Aber Jesus sieht in diesen Männern nicht nur das, was sie jetzt sind. Er sieht auch das, was er aus ihnen machen kann.

Und damit sind wir wieder bei unserer Frage vom letzten Samstag.

Vielleicht denken wir manchmal, wir müssten Jesus erst etwas anbieten können, bevor er uns gebrauchen kann.

·     Eine besondere Begabung.

·     Genügend Bibelwissen.

·     Mut.

·     Redegewandtheit.

·     Erfahrung.

·     Geistliche Reife.

Natürlich kann Gott all das gebrauchen.

Petrus und Andreas bekommen keine Liste mit Voraussetzungen. Sie bekommen eine Einladung: „Folgt mir nach!“

Und jetzt geschieht etwas Erstaunliches und zugleich Entscheidendes: „Da verließen sie sogleich ihre Netze und folgten ihm nach.“ Markus 1,18

Sie wissen zu diesem Zeitpunkt noch längst nicht alles.

Sie wissen nicht, wohin dieser Weg sie führen wird.

Sie wissen nicht, welche Aufgaben einmal auf sie warten.

Und sie wissen ganz sicher noch nicht, was Jesus in den kommenden Jahren alles an ihnen verändern muss.
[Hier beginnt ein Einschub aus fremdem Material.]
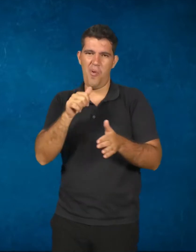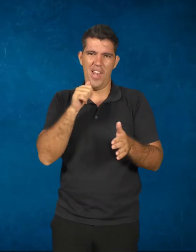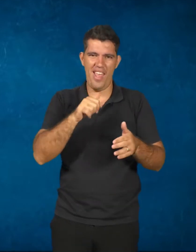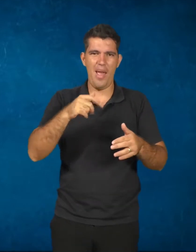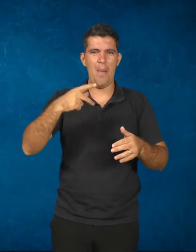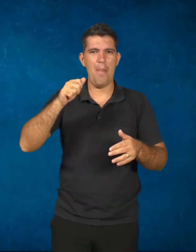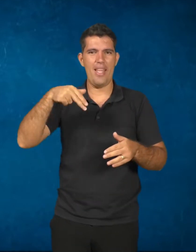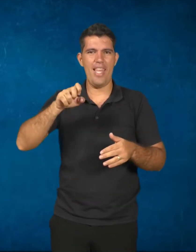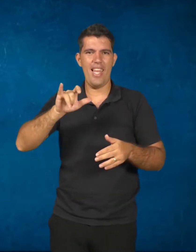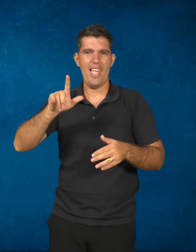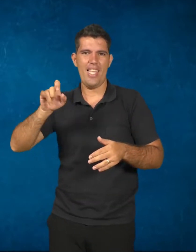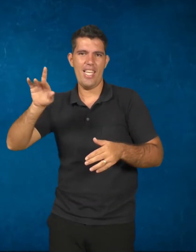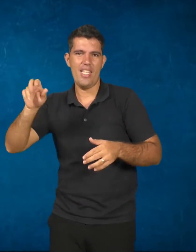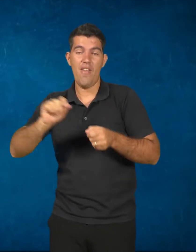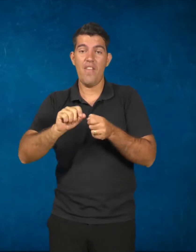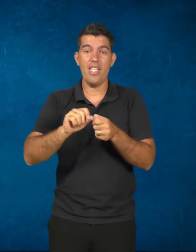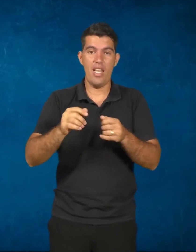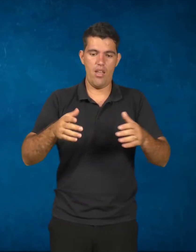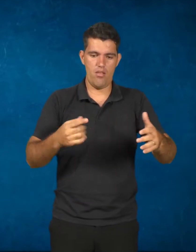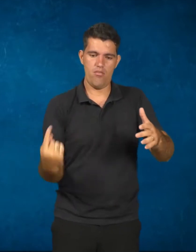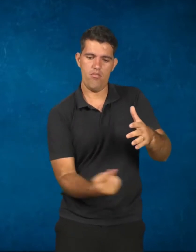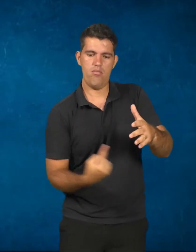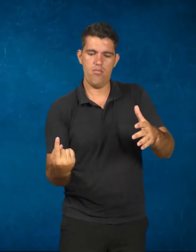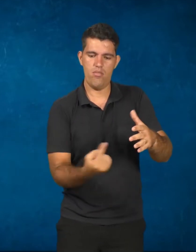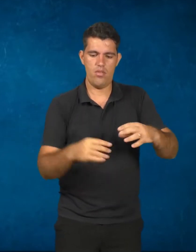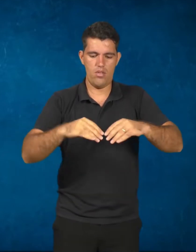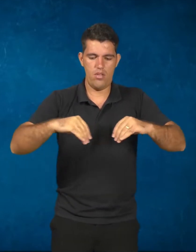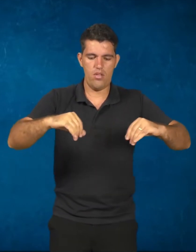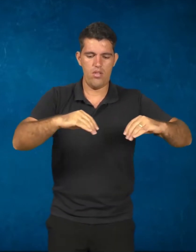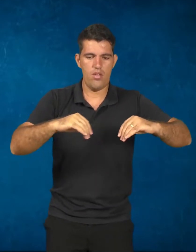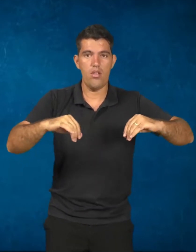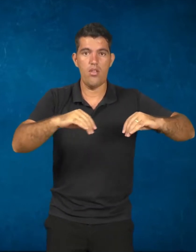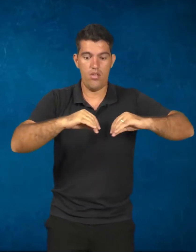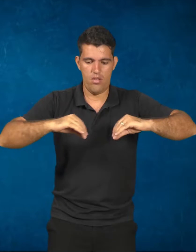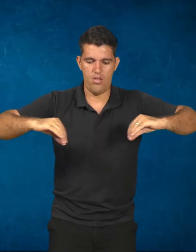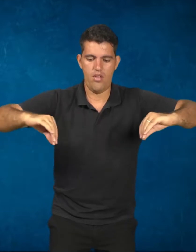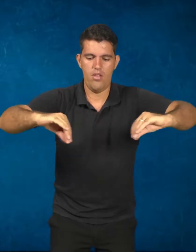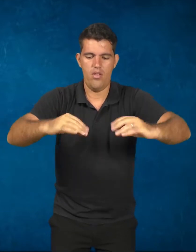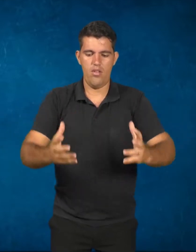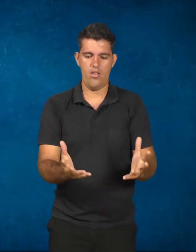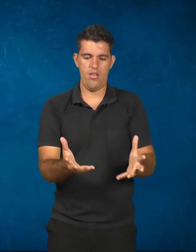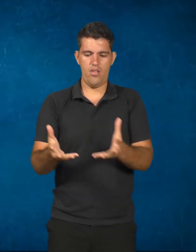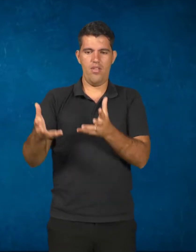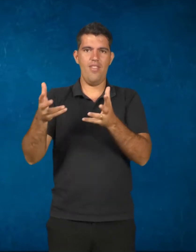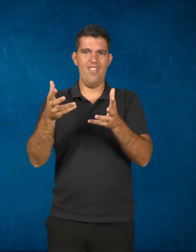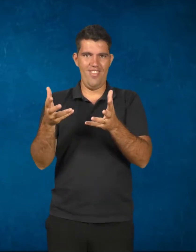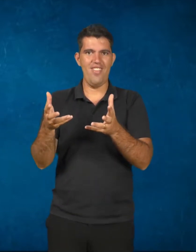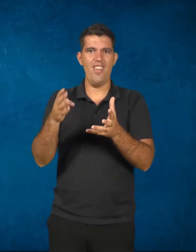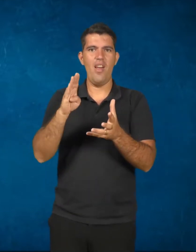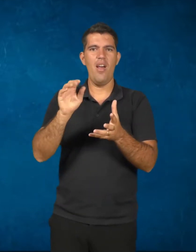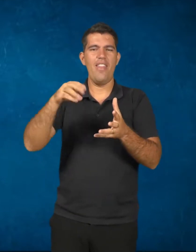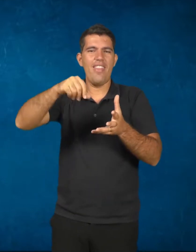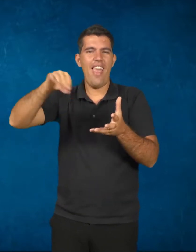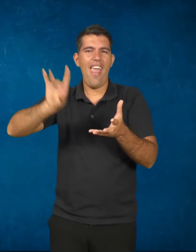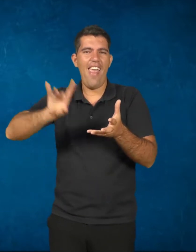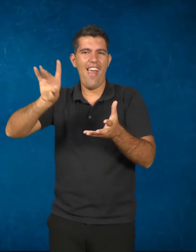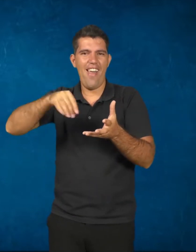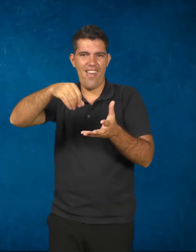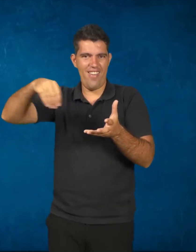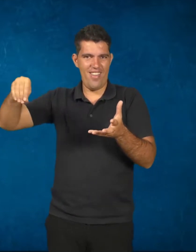produzem panelas de barro. Ao produzir aquelas panelas de barro, elas

Aber sie tun den ersten Schritt: Sie folgen Jesus.

Vielleicht hätten wir manchmal gerne zuerst den kompletten Plan.

„Herr, was genau hast du mit mir vor? Bin ich dafür geeignet? Was wird mich das kosten? Und könnte ich bitte vorher noch wissen, ob ich das überhaupt schaffe?“

Jesus gibt seinen Jüngern diesen Plan nicht.

Er sagt: „Folge mir nach.“

Nachfolge bedeutet deshalb nicht, dass ich schon am Ziel bin.

Nachfolge bedeutet, dass ich mich mit Jesus auf den Weg mache. Und auf diesem Weg darf ich lernen.

Ich darf Fragen haben, ich darf und werde sogar  Fehler machen.

Ich darf auch einmal hinfallen. All das ist bei Jesus bereits einkalkuliert und trotzdem setzt er auf fehlerhafte Menschen wie sie und wie du und ich.

Entscheidend dabei ist, wem ich folge.

Denn Jesus beruft nicht fertige Menschen.

Er beruft Menschen, die bereit sind, ihm zu folgen – und verspricht: „Ich will euch machen …“

Das ist vielleicht die schönste Entlastung in diesem Satz.

Nicht ich muss aus mir den Menschen machen, den Jesus gebrauchen kann. Jesus übernimmt die Ausbildung.

Wie diese Ausbildung aussieht?

Nun – schauen wir uns nächste Woche einmal Petrus etwas genauer an.

Denn bei ihm hatte Jesus noch einiges zu tun. Das sollte auch uns Mut machen.